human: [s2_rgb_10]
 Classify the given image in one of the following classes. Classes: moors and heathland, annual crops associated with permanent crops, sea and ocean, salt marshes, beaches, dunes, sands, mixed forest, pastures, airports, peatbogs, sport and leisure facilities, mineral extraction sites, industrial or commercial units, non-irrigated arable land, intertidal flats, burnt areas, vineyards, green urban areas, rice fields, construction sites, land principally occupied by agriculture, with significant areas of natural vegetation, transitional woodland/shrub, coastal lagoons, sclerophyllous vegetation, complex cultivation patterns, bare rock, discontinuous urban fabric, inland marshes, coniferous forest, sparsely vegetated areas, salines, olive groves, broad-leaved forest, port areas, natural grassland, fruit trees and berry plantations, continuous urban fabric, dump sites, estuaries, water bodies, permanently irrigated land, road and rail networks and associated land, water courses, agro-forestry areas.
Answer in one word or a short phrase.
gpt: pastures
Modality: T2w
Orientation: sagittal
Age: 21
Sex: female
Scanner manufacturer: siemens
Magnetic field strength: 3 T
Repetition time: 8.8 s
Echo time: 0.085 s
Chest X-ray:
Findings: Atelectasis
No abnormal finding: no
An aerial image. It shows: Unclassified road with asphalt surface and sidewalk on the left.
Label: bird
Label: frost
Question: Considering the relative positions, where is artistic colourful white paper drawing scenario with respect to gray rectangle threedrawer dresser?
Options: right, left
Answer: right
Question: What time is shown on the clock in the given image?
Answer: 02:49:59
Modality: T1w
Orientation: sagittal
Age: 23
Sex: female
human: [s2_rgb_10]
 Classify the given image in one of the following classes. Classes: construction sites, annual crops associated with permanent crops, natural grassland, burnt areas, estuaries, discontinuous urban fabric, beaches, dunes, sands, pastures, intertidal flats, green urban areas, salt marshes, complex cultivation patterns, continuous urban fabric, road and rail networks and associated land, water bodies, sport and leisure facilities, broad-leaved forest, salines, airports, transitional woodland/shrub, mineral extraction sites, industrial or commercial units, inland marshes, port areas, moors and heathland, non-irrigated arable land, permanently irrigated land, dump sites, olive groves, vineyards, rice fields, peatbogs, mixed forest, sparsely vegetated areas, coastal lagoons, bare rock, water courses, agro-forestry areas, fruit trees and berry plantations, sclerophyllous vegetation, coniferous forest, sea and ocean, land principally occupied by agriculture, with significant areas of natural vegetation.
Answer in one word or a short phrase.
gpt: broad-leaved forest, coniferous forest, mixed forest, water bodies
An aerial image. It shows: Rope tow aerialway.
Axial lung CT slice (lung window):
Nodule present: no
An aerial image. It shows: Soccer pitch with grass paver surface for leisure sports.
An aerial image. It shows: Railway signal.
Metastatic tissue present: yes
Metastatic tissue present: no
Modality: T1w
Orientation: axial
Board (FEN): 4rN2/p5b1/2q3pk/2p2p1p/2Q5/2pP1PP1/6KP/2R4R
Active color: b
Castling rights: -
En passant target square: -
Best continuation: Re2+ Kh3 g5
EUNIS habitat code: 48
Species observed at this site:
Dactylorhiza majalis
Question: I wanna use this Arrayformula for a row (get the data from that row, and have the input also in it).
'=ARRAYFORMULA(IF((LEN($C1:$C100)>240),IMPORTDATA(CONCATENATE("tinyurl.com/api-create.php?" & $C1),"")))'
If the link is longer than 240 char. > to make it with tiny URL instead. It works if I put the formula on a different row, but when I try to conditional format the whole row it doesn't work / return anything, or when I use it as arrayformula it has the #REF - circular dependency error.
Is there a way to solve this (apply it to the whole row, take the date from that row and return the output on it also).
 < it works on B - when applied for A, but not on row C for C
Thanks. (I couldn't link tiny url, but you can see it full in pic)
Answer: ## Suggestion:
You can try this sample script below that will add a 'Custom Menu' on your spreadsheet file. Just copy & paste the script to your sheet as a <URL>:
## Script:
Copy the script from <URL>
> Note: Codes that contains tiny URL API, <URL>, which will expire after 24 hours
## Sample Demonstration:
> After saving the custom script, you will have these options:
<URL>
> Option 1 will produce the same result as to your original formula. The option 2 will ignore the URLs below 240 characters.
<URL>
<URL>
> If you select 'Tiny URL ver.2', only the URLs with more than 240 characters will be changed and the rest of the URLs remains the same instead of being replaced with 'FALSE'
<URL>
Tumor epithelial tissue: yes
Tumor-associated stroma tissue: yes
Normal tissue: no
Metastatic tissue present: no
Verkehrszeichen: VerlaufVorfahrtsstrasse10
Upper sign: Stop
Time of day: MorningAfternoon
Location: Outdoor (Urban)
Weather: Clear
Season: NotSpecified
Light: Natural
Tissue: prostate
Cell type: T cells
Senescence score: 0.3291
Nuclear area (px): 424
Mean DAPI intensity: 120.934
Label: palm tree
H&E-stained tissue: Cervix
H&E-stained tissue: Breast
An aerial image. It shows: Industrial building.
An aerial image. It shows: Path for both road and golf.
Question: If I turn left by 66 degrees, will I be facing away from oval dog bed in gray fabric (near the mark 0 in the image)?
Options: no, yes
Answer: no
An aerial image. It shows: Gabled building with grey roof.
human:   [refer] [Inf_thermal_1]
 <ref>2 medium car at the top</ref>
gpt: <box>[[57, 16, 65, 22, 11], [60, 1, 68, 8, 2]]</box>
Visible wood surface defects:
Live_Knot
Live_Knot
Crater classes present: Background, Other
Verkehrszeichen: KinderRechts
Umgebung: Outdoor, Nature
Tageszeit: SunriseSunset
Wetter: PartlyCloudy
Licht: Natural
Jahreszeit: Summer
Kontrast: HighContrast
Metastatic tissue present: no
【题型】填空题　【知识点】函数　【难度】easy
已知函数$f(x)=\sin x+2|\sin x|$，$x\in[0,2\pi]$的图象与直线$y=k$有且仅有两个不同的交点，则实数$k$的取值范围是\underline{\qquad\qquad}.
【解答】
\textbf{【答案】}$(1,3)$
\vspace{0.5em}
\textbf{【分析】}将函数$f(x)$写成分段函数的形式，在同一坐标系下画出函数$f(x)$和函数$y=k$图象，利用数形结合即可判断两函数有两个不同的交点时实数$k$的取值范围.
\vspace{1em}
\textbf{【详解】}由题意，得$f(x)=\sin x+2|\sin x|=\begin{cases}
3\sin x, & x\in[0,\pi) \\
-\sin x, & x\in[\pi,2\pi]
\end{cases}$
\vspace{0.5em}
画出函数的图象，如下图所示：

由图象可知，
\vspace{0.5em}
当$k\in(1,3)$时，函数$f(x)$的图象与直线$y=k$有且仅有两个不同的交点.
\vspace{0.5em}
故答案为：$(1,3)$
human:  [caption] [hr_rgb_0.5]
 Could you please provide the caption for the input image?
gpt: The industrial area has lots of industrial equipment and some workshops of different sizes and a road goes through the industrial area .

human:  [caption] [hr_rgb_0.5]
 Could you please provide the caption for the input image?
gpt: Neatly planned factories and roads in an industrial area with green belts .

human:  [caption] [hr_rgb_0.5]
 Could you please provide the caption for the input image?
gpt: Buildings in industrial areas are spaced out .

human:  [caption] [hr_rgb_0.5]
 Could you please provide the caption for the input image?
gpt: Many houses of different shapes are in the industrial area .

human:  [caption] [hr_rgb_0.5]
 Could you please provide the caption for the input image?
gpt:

+++++

Starting at the first line and ending at the last, restate the material word for word.

Solved exercise =>
human: [s2_rgb_10]
 Classify the given image in one of the following classes. Classes: moors and heathland, annual crops associated with permanent crops, sea and ocean, salt marshes, beaches, dunes, sands, mixed forest, pastures, airports, peatbogs, sport and leisure facilities, mineral extraction sites, industrial or commercial units, non-irrigated arable land, intertidal flats, burnt areas, vineyards, green urban areas, rice fields, construction sites, land principally occupied by agriculture, with significant areas of natural vegetation, transitional woodland/shrub, coastal lagoons, sclerophyllous vegetation, complex cultivation patterns, bare rock, discontinuous urban fabric, inland marshes, coniferous forest, sparsely vegetated areas, salines, olive groves, broad-leaved forest, port areas, natural grassland, fruit trees and berry plantations, continuous urban fabric, dump sites, estuaries, water bodies, permanently irrigated land, road and rail networks and associated land, water courses, agro-forestry areas.
Answer in one word or a short phrase.
gpt: pastures
Modality: T2w
Orientation: sagittal
Age: 21
Sex: female
Scanner manufacturer: siemens
Magnetic field strength: 3 T
Repetition time: 8.8 s
Echo time: 0.085 s
Chest X-ray:
Findings: Atelectasis
No abnormal finding: no
An aerial image. It shows: Unclassified road with asphalt surface and sidewalk on the left.
Label: bird
Label: frost
Question: Considering the relative positions, where is artistic colourful white paper drawing scenario with respect to gray rectangle threedrawer dresser?
Options: right, left
Answer: right
Question: What time is shown on the clock in the given image?
Answer: 02:49:59
Modality: T1w
Orientation: sagittal
Age: 23
Sex: female
human: [s2_rgb_10]
 Classify the given image in one of the following classes. Classes: construction sites, annual crops associated with permanent crops, natural grassland, burnt areas, estuaries, discontinuous urban fabric, beaches, dunes, sands, pastures, intertidal flats, green urban areas, salt marshes, complex cultivation patterns, continuous urban fabric, road and rail networks and associated land, water bodies, sport and leisure facilities, broad-leaved forest, salines, airports, transitional woodland/shrub, mineral extraction sites, industrial or commercial units, inland marshes, port areas, moors and heathland, non-irrigated arable land, permanently irrigated land, dump sites, olive groves, vineyards, rice fields, peatbogs, mixed forest, sparsely vegetated areas, coastal lagoons, bare rock, water courses, agro-forestry areas, fruit trees and berry plantations, sclerophyllous vegetation, coniferous forest, sea and ocean, land principally occupied by agriculture, with significant areas of natural vegetation.
Answer in one word or a short phrase.
gpt: broad-leaved forest, coniferous forest, mixed forest, water bodies
An aerial image. It shows: Rope tow aerialway.
Axial lung CT slice (lung window):
Nodule present: no
An aerial image. It shows: Soccer pitch with grass paver surface for leisure sports.
An aerial image. It shows: Railway signal.
Metastatic tissue present: yes
Metastatic tissue present: no
Modality: T1w
Orientation: axial
Board (FEN): 4rN2/p5b1/2q3pk/2p2p1p/2Q5/2pP1PP1/6KP/2R4R
Active color: b
Castling rights: -
En passant target square: -
Best continuation: Re2+ Kh3 g5
EUNIS habitat code: 48
Species observed at this site:
Dactylorhiza majalis
Question: I wanna use this Arrayformula for a row (get the data from that row, and have the input also in it).
'=ARRAYFORMULA(IF((LEN($C1:$C100)>240),IMPORTDATA(CONCATENATE("tinyurl.com/api-create.php?" & $C1),"")))'
If the link is longer than 240 char. > to make it with tiny URL instead. It works if I put the formula on a different row, but when I try to conditional format the whole row it doesn't work / return anything, or when I use it as arrayformula it has the #REF - circular dependency error.
Is there a way to solve this (apply it to the whole row, take the date from that row and return the output on it also).
 < it works on B - when applied for A, but not on row C for C
Thanks. (I couldn't link tiny url, but you can see it full in pic)
Answer: ## Suggestion:
You can try this sample script below that will add a 'Custom Menu' on your spreadsheet file. Just copy & paste the script to your sheet as a <URL>:
## Script:
Copy the script from <URL>
> Note: Codes that contains tiny URL API, <URL>, which will expire after 24 hours
## Sample Demonstration:
> After saving the custom script, you will have these options:
<URL>
> Option 1 will produce the same result as to your original formula. The option 2 will ignore the URLs below 240 characters.
<URL>
<URL>
> If you select 'Tiny URL ver.2', only the URLs with more than 240 characters will be changed and the rest of the URLs remains the same instead of being replaced with 'FALSE'
<URL>
Tumor epithelial tissue: yes
Tumor-associated stroma tissue: yes
Normal tissue: no
Metastatic tissue present: no
Verkehrszeichen: VerlaufVorfahrtsstrasse10
Upper sign: Stop
Time of day: MorningAfternoon
Location: Outdoor (Urban)
Weather: Clear
Season: NotSpecified
Light: Natural
Tissue: prostate
Cell type: T cells
Senescence score: 0.3291
Nuclear area (px): 424
Mean DAPI intensity: 120.934
Label: palm tree
H&E-stained tissue: Cervix
H&E-stained tissue: Breast
An aerial image. It shows: Industrial building.
An aerial image. It shows: Path for both road and golf.
Question: If I turn left by 66 degrees, will I be facing away from oval dog bed in gray fabric (near the mark 0 in the image)?
Options: no, yes
Answer: no
An aerial image. It shows: Gabled building with grey roof.
human:   [refer] [Inf_thermal_1]
 <ref>2 medium car at the top</ref>
gpt: <box>[[57, 16, 65, 22, 11], [60, 1, 68, 8, 2]]</box>
Visible wood surface defects:
Live_Knot
Live_Knot
Crater classes present: Background, Other
Verkehrszeichen: KinderRechts
Umgebung: Outdoor, Nature
Tageszeit: SunriseSunset
Wetter: PartlyCloudy
Licht: Natural
Jahreszeit: Summer
Kontrast: HighContrast
Metastatic tissue present: no
【题型】填空题　【知识点】函数　【难度】easy
已知函数$f(x)=\sin x+2|\sin x|$，$x\in[0,2\pi]$的图象与直线$y=k$有且仅有两个不同的交点，则实数$k$的取值范围是\underline{\qquad\qquad}.
【解答】
\textbf{【答案】}$(1,3)$
\vspace{0.5em}
\textbf{【分析】}将函数$f(x)$写成分段函数的形式，在同一坐标系下画出函数$f(x)$和函数$y=k$图象，利用数形结合即可判断两函数有两个不同的交点时实数$k$的取值范围.
\vspace{1em}
\textbf{【详解】}由题意，得$f(x)=\sin x+2|\sin x|=\begin{cases}
3\sin x, & x\in[0,\pi) \\
-\sin x, & x\in[\pi,2\pi]
\end{cases}$
\vspace{0.5em}
画出函数的图象，如下图所示：

由图象可知，
\vspace{0.5em}
当$k\in(1,3)$时，函数$f(x)$的图象与直线$y=k$有且仅有两个不同的交点.
\vspace{0.5em}
故答案为：$(1,3)$
human:  [caption] [hr_rgb_0.5]
 Could you please provide the caption for the input image?
gpt: The industrial area has lots of industrial equipment and some workshops of different sizes and a road goes through the industrial area .

human:  [caption] [hr_rgb_0.5]
 Could you please provide the caption for the input image?
gpt: Neatly planned factories and roads in an industrial area with green belts .

human:  [caption] [hr_rgb_0.5]
 Could you please provide the caption for the input image?
gpt: Buildings in industrial areas are spaced out .

human:  [caption] [hr_rgb_0.5]
 Could you please provide the caption for the input image?
gpt: Many houses of different shapes are in the industrial area .

human:  [caption] [hr_rgb_0.5]
 Could you please provide the caption for the input image?
gpt:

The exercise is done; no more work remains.